**Task:**
Give again, unchanged, the line that contains "Q: Monospaced? A: No." together with every line that follows it until the entries end.

========

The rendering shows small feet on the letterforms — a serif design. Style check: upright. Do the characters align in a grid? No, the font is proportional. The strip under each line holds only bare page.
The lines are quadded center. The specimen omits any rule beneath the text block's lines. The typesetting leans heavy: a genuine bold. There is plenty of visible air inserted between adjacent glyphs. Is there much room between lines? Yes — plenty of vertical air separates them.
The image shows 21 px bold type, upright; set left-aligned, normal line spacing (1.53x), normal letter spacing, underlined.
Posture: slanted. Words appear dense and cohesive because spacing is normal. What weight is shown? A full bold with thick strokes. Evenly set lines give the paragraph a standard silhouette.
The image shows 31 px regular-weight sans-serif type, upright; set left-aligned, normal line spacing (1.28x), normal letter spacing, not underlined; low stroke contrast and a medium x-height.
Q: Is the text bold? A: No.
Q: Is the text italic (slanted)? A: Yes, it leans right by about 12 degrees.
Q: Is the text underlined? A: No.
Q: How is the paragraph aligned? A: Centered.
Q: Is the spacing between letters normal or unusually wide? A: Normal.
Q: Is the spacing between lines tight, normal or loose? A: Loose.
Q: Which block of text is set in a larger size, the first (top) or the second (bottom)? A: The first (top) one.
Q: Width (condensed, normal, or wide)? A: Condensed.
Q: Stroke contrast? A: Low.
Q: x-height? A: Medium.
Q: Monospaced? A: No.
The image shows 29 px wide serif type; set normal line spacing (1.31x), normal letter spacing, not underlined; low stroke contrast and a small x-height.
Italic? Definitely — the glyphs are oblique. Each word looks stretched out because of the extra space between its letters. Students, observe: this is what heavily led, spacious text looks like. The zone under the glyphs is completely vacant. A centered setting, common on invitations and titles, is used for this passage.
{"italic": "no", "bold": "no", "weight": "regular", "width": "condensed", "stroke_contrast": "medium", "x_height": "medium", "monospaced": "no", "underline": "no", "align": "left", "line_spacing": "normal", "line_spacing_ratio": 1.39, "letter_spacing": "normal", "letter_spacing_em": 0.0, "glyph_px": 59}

========

**Solution:**
Q: Monospaced? A: No.
The image shows 29 px wide serif type; set normal line spacing (1.31x), normal letter spacing, not underlined; low stroke contrast and a small x-height.
Italic? Definitely — the glyphs are oblique. Each word looks stretched out because of the extra space between its letters. Students, observe: this is what heavily led, spacious text looks like. The zone under the glyphs is completely vacant. A centered setting, common on invitations and titles, is used for this passage.
{"italic": "no", "bold": "no", "weight": "regular", "width": "condensed", "stroke_contrast": "medium", "x_height": "medium", "monospaced": "no", "underline": "no", "align": "left", "line_spacing": "normal", "line_spacing_ratio": 1.39, "letter_spacing": "normal", "letter_spacing_em": 0.0, "glyph_px": 59}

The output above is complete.